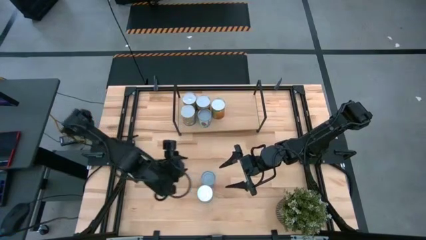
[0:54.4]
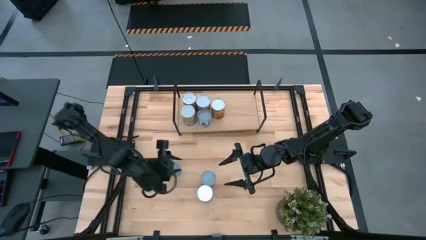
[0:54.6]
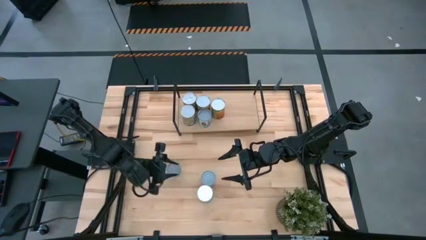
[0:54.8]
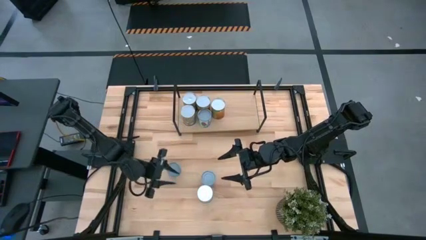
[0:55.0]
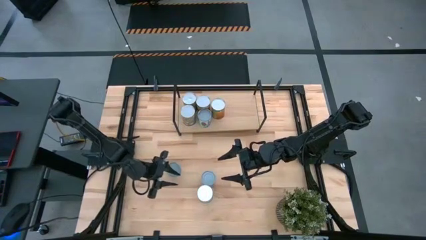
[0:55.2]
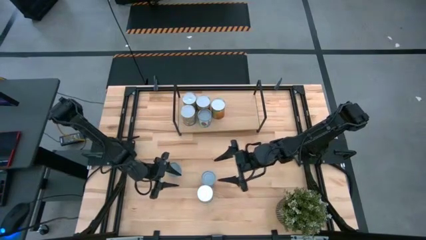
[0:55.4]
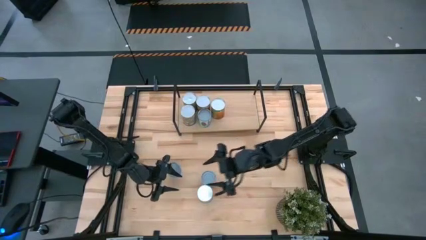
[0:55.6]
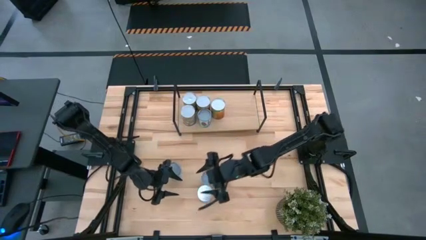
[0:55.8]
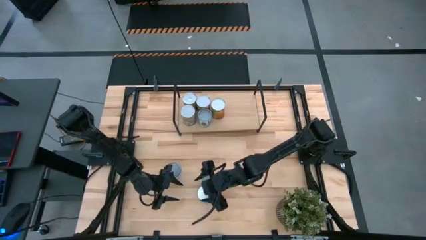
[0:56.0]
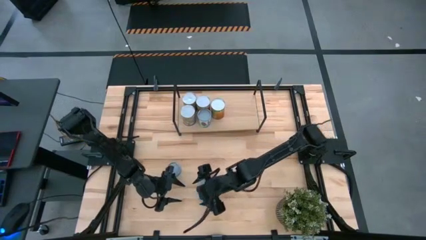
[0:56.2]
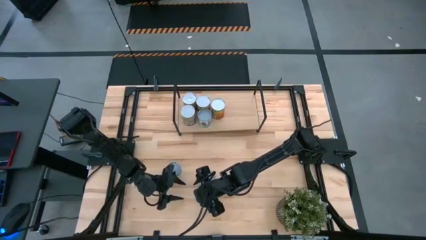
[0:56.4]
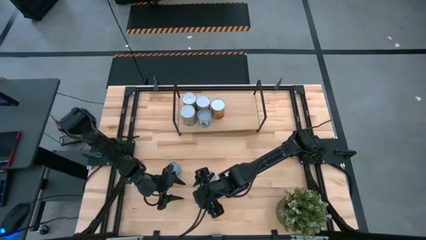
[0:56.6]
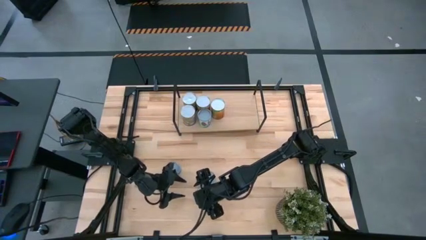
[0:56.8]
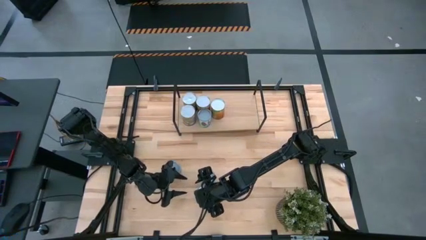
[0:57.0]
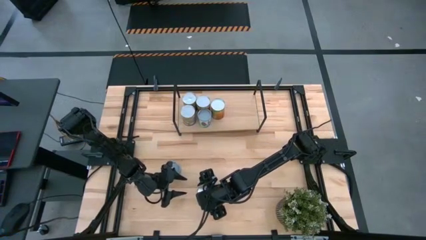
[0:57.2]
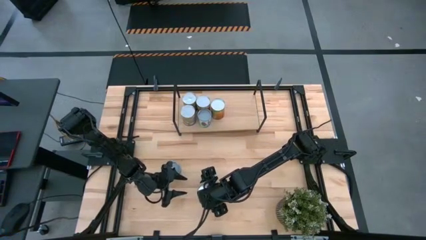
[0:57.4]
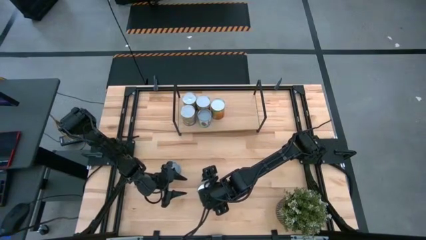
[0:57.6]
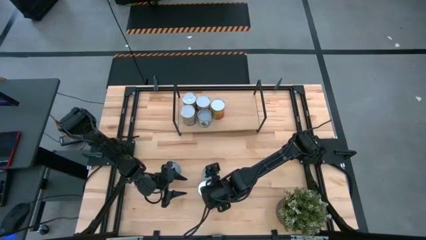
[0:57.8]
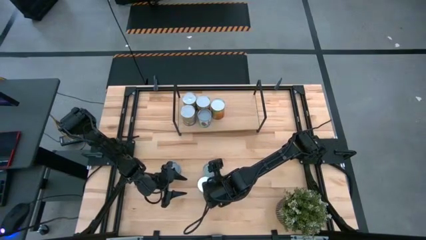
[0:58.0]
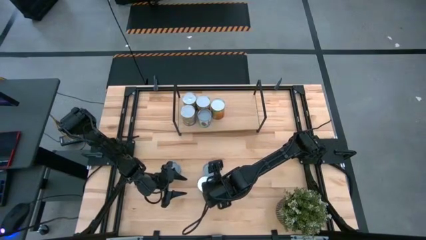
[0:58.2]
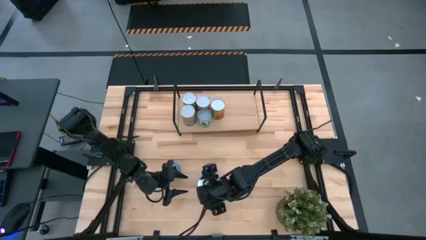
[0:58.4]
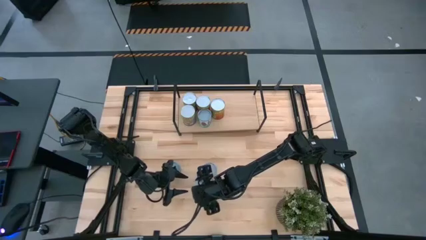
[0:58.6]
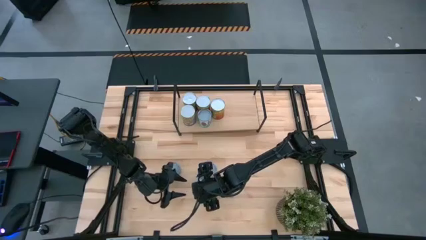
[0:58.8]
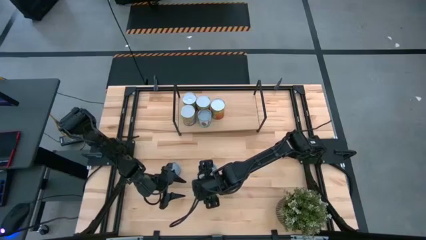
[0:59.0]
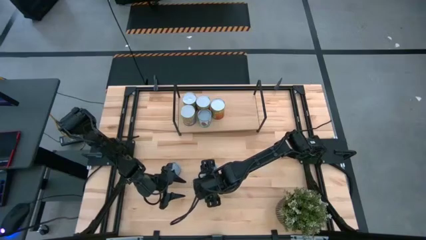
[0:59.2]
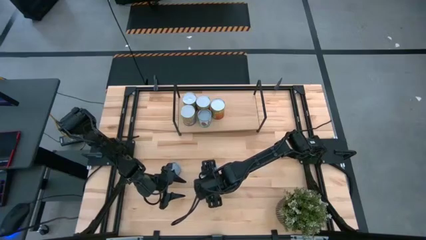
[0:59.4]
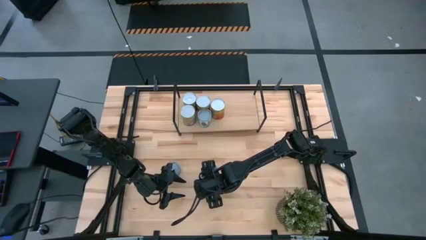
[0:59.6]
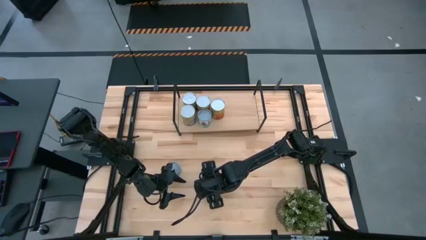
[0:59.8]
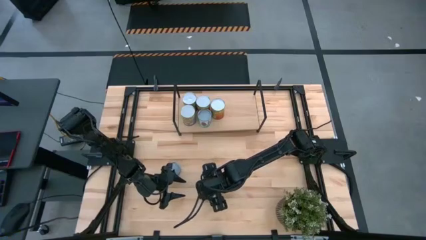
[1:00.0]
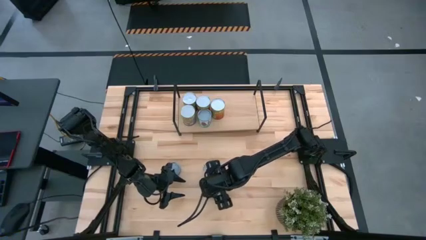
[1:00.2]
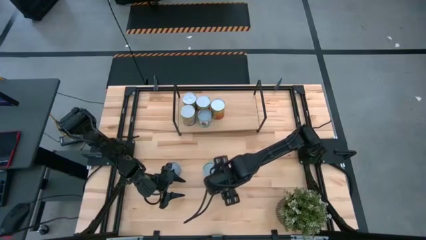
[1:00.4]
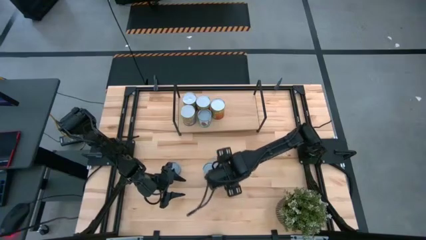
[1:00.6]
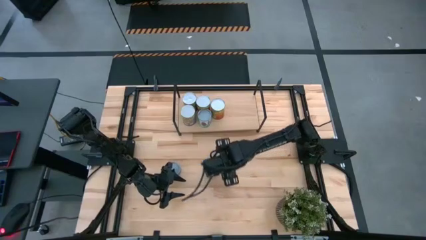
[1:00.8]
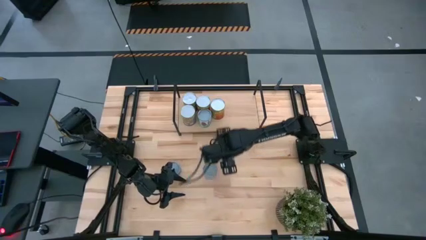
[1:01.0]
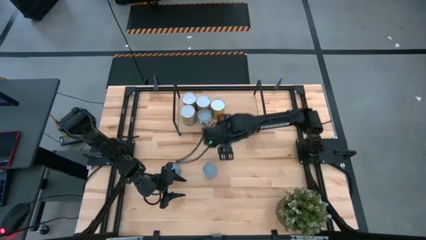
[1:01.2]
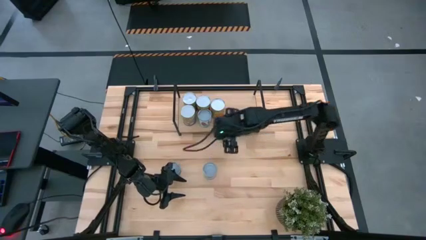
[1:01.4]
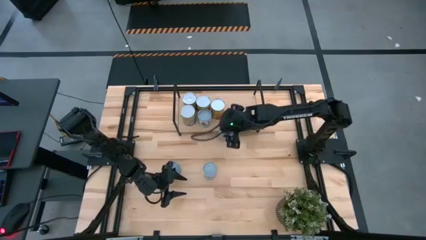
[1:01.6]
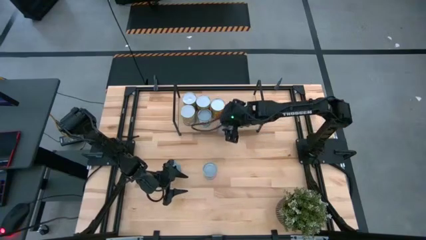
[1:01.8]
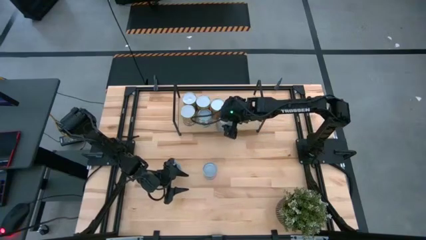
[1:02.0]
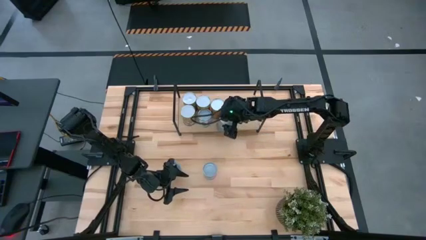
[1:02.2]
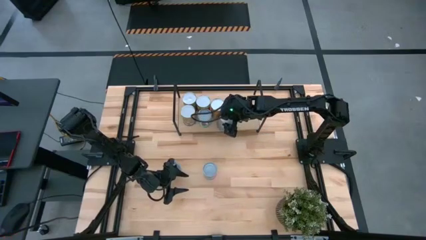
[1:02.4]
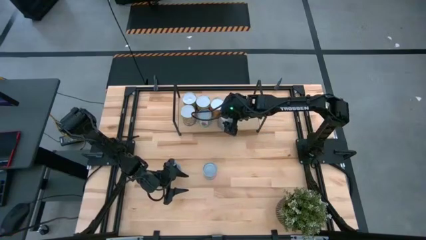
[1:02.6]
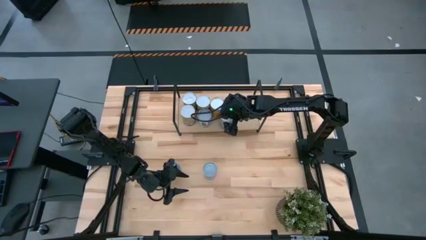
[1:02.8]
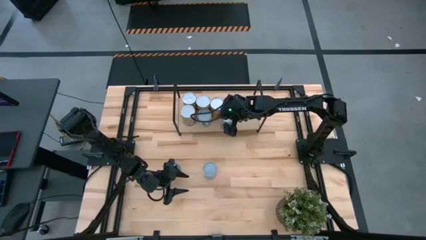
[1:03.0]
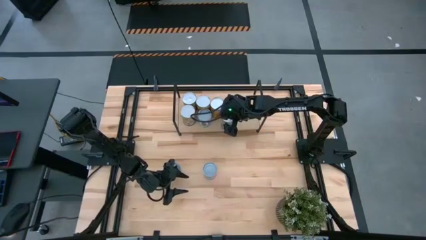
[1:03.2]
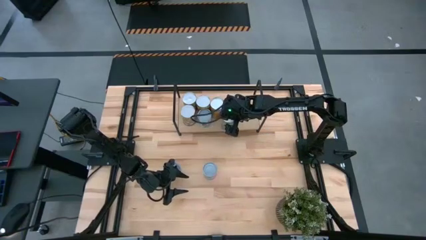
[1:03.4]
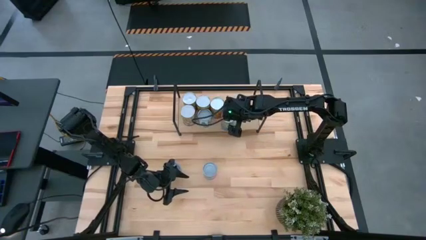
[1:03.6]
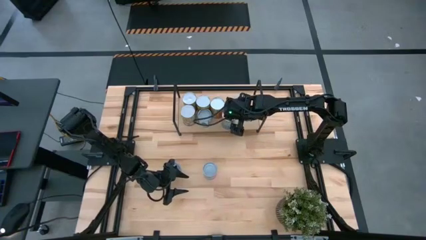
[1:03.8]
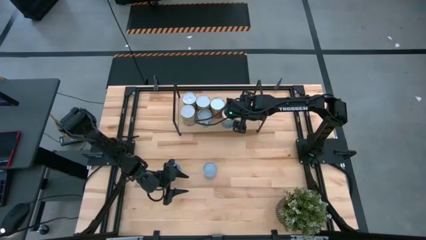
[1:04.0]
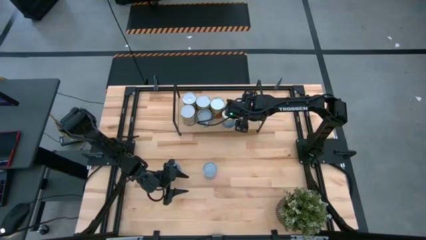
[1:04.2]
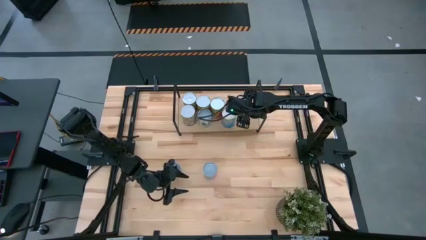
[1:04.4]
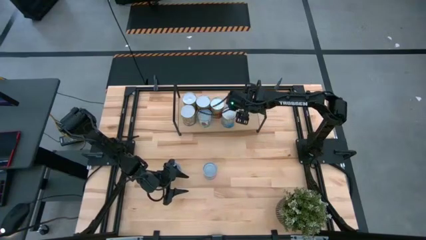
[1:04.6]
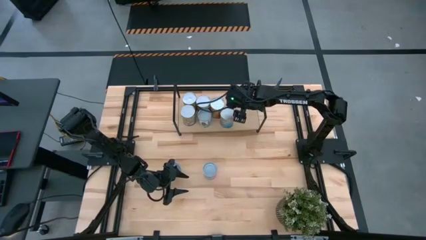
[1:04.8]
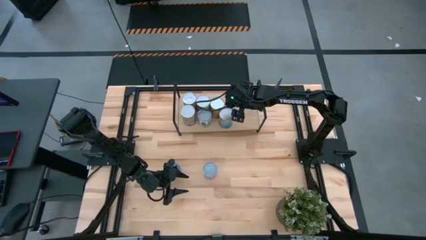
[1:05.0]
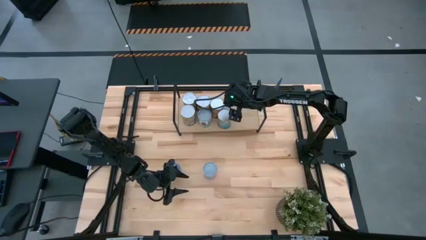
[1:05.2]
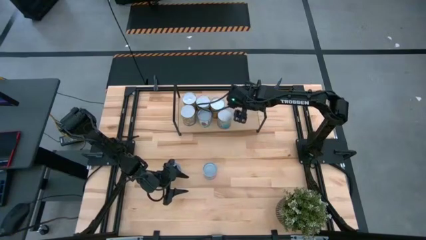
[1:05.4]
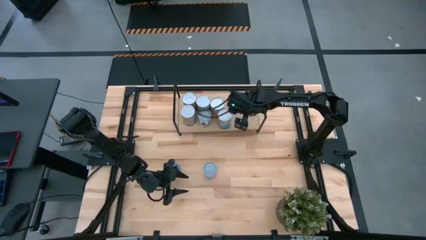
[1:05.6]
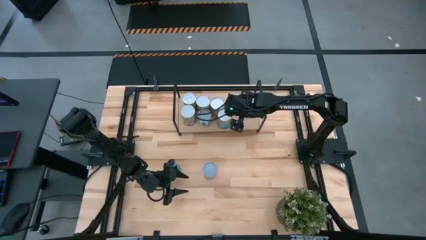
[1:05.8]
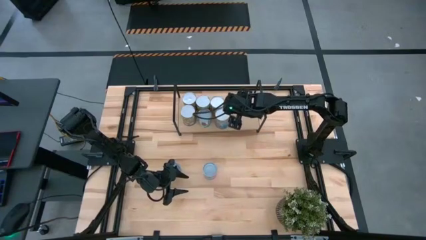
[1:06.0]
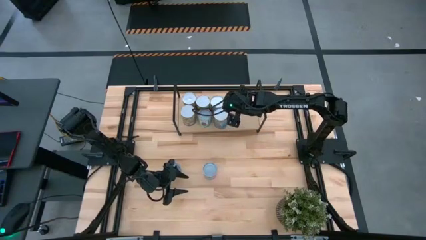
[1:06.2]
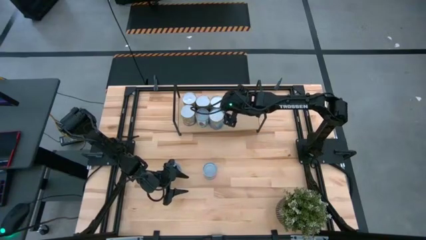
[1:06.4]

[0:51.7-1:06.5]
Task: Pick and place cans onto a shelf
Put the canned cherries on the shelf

-=-=-=-=-

EXERCISE GOAL
Could the material above be given again in full and exactly, with its pictures left out?

COMPLETED TASK
[0:54.4]
[0:54.6]
[0:54.8]
[0:55.0]
[0:55.2]
[0:55.4]
[0:55.6]
[0:55.8]
[0:56.0]
[0:56.2]
[0:56.4]
[0:56.6]
[0:56.8]
[0:57.0]
[0:57.2]
[0:57.4]
[0:57.6]
[0:57.8]
[0:58.0]
[0:58.2]
[0:58.4]
[0:58.6]
[0:58.8]
[0:59.0]
[0:59.2]
[0:59.4]
[0:59.6]
[0:59.8]
[1:00.0]
[1:00.2]
[1:00.4]
[1:00.6]
[1:00.8]
[1:01.0]
[1:01.2]
[1:01.4]
[1:01.6]
[1:01.8]
[1:02.0]
[1:02.2]
[1:02.4]
[1:02.6]
[1:02.8]
[1:03.0]
[1:03.2]
[1:03.4]
[1:03.6]
[1:03.8]
[1:04.0]
[1:04.2]
[1:04.4]
[1:04.6]
[1:04.8]
[1:05.0]
[1:05.2]
[1:05.4]
[1:05.6]
[1:05.8]
[1:06.0]
[1:06.2]
[1:06.4]

[0:51.7-1:06.5]
Task: Pick and place cans onto a shelf
Put the canned cherries on the shelf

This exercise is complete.